Precise Bayesian Neural Networks
Carlos Stein Brito
Published: 2025/6/24
Abstract
Despite its long history, Bayesian neural networks (BNNs) and variational training remain underused in practice: standard Gaussian posteriors misalign with network geometry, KL terms can be brittle in high dimensions, and implementations often add complexity without reliably improving uncertainty. We revisit the problem through the lens of normalization. Because normalization layers neutralize the influence of weight magnitude, we model uncertainty \emph{only in weight directions} using a von Mises-Fisher posterior on the unit sphere.
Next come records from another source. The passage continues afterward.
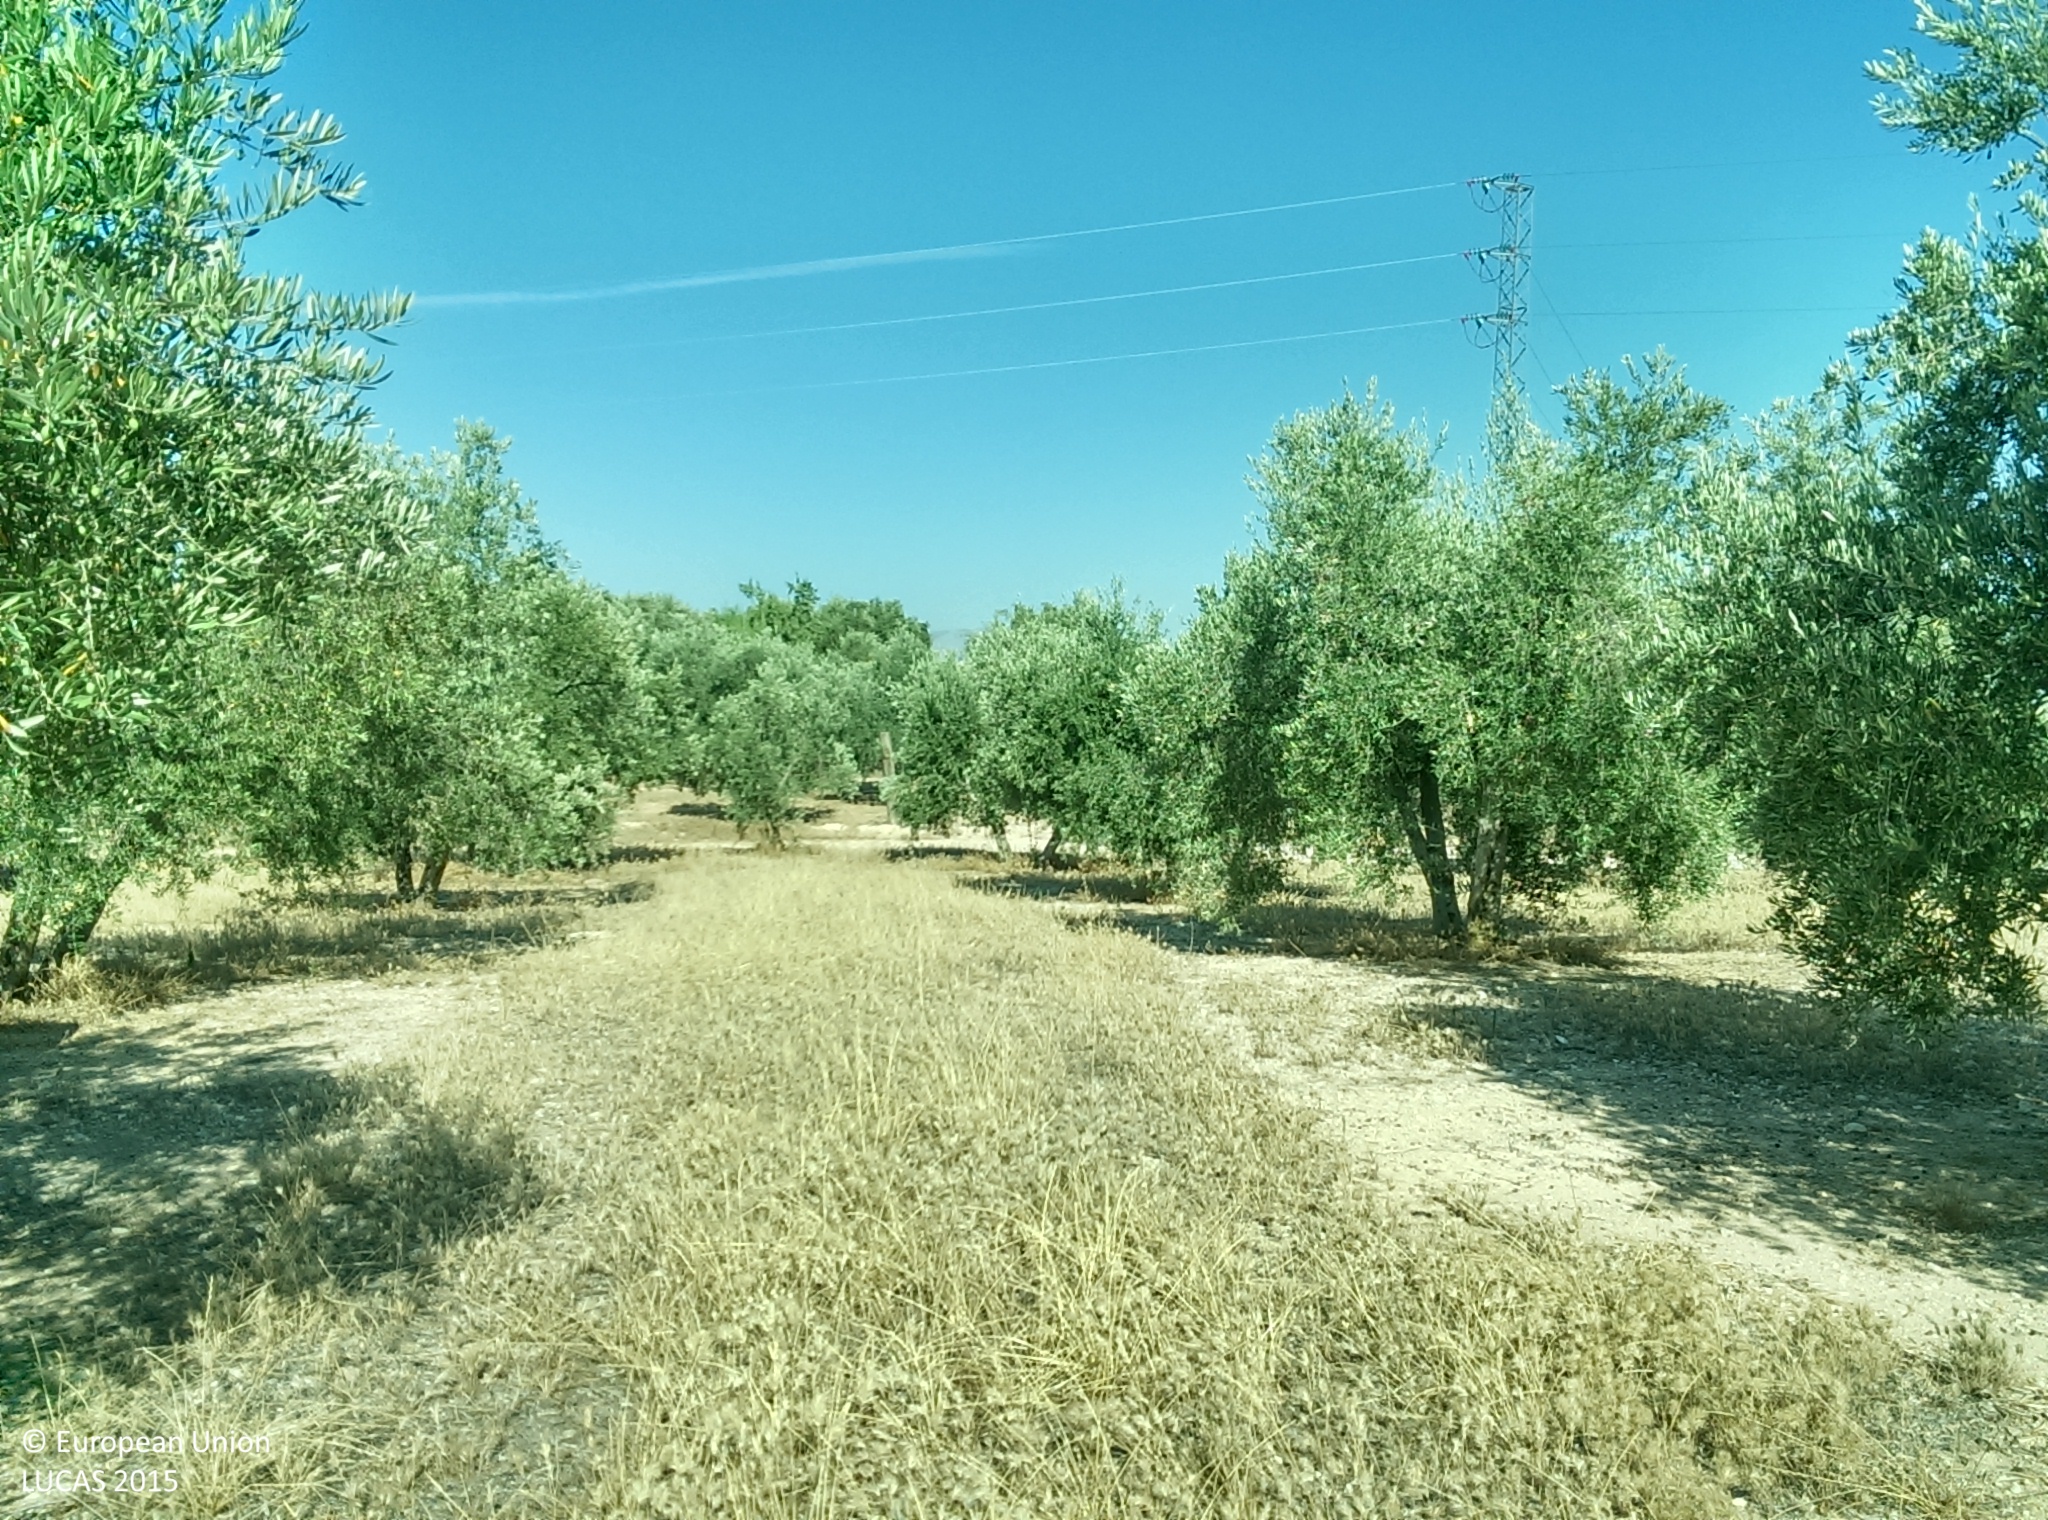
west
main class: Cropland
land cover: Olive groves
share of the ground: 25 - 50 %
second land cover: Spontaneously vegetated surfaces
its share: 25 - 50 %
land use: Agriculture (excluding fallow land and kitchen gardens)
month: July
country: ES
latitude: 37.2987
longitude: -3.7217
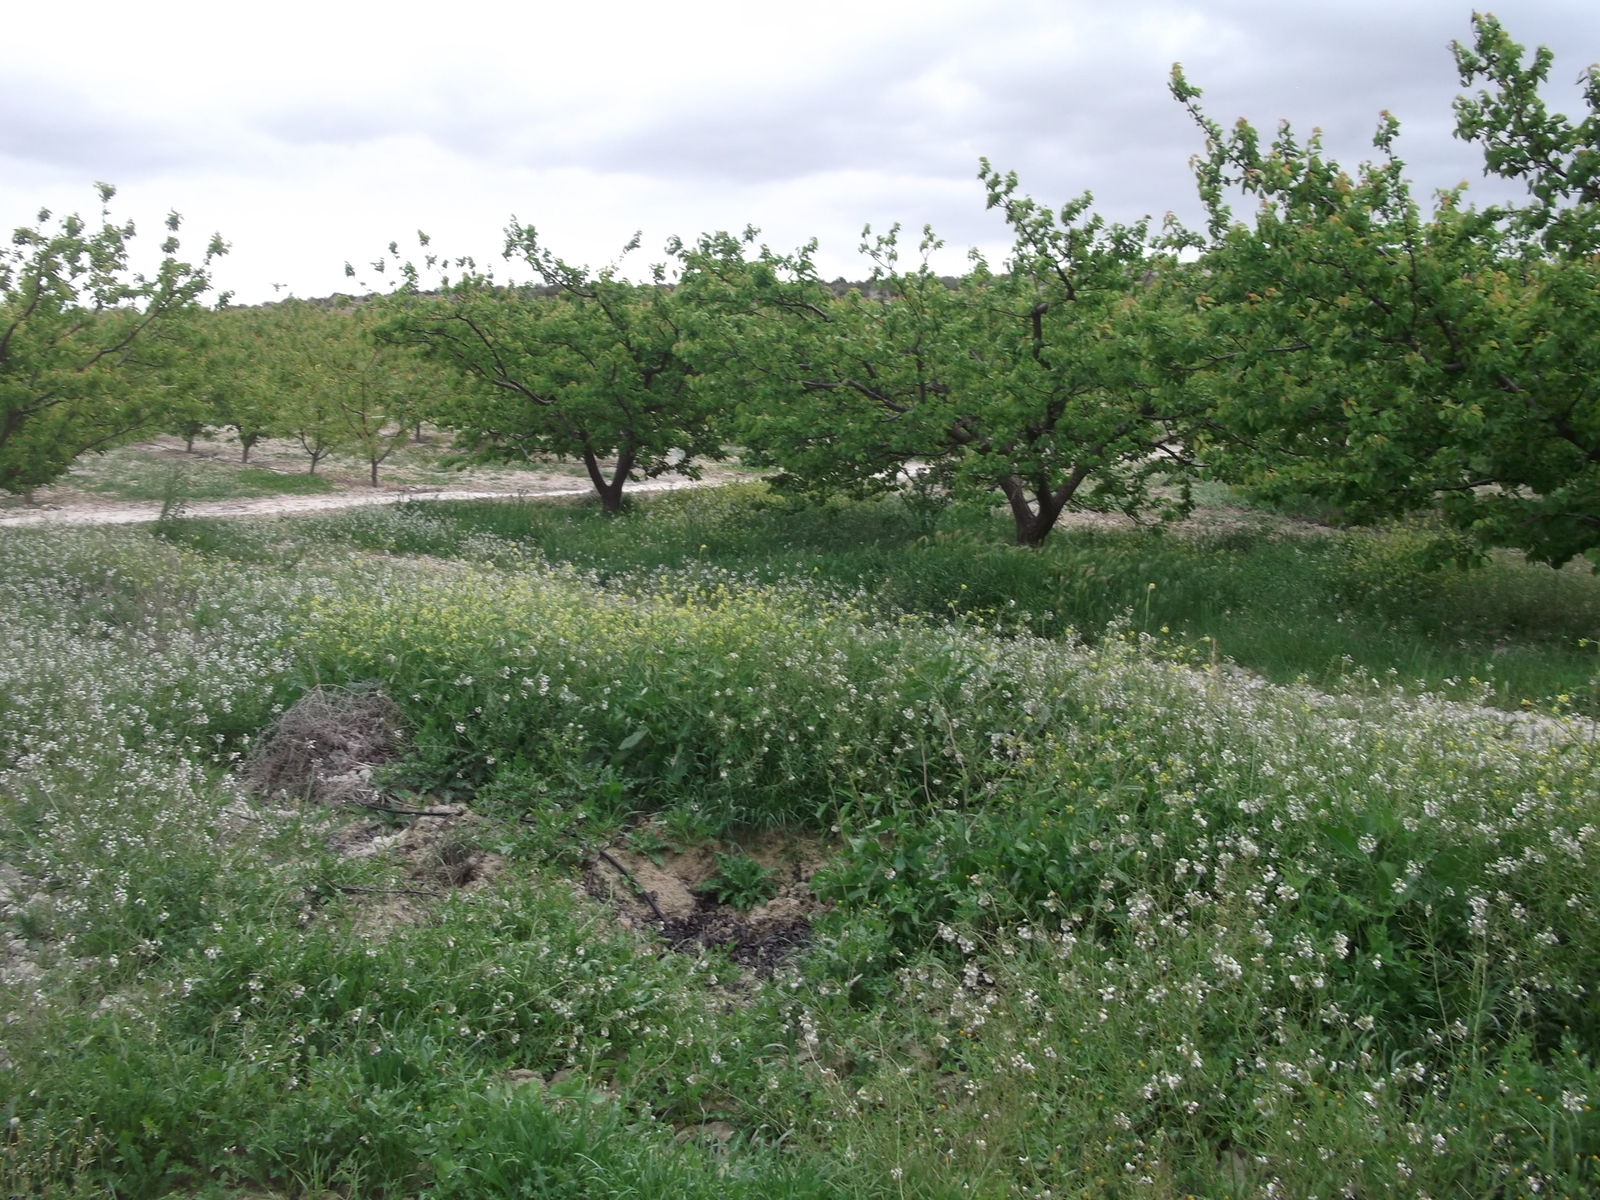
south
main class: Cropland
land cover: Other fruit trees and berries
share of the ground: 10 - 25 %
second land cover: Spontaneously vegetated surfaces
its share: > 75 %
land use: Agriculture (excluding fallow land and kitchen gardens)
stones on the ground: < 10 %
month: April
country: ES
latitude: 38.0609
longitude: -1.4407
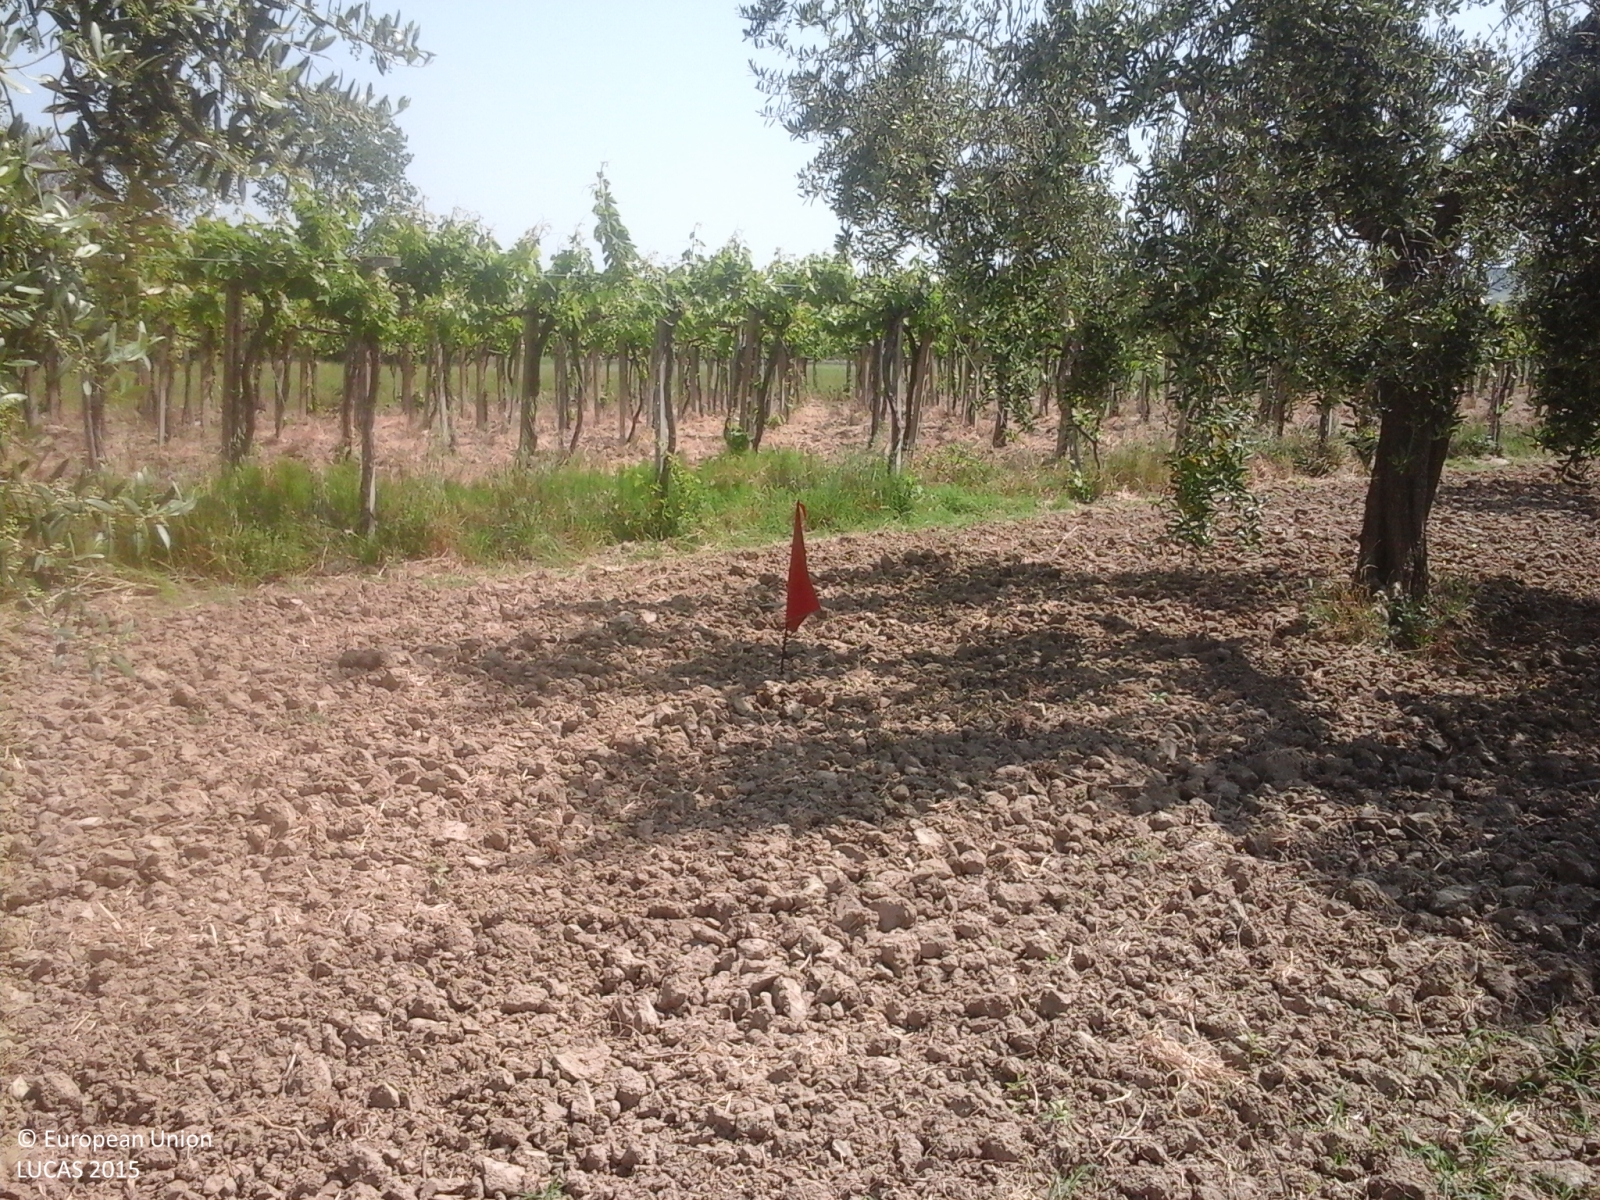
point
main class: Cropland
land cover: Olive groves
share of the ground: 25 - 50 %
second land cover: Other bare soil
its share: > 75 %
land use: Agriculture (excluding fallow land and kitchen gardens)
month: May
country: IT
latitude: 42.2101
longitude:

High-dimensional geometry then yields a single, interpretable scalar per layer--the effective post-normalization noise $\sigma_{\mathrm{eff}}$--that (i) corresponds to simple additive Gaussian noise in the forward pass and (ii) admits a compact, dimension-aware KL in closed form. We derive accurate, closed-form approximations linking concentration $\kappa$ to activation variance and to $\sigma_{\mathrm{eff}}$ across regimes, producing a lightweight, implementation-ready variational unit that fits modern normalized architectures and improves calibration without sacrificing accuracy. This dimension awareness is critical for stable optimization in high dimensions. In short, by aligning the variational posterior with the network's intrinsic geometry, BNNs can be simultaneously principled, practical, and precise.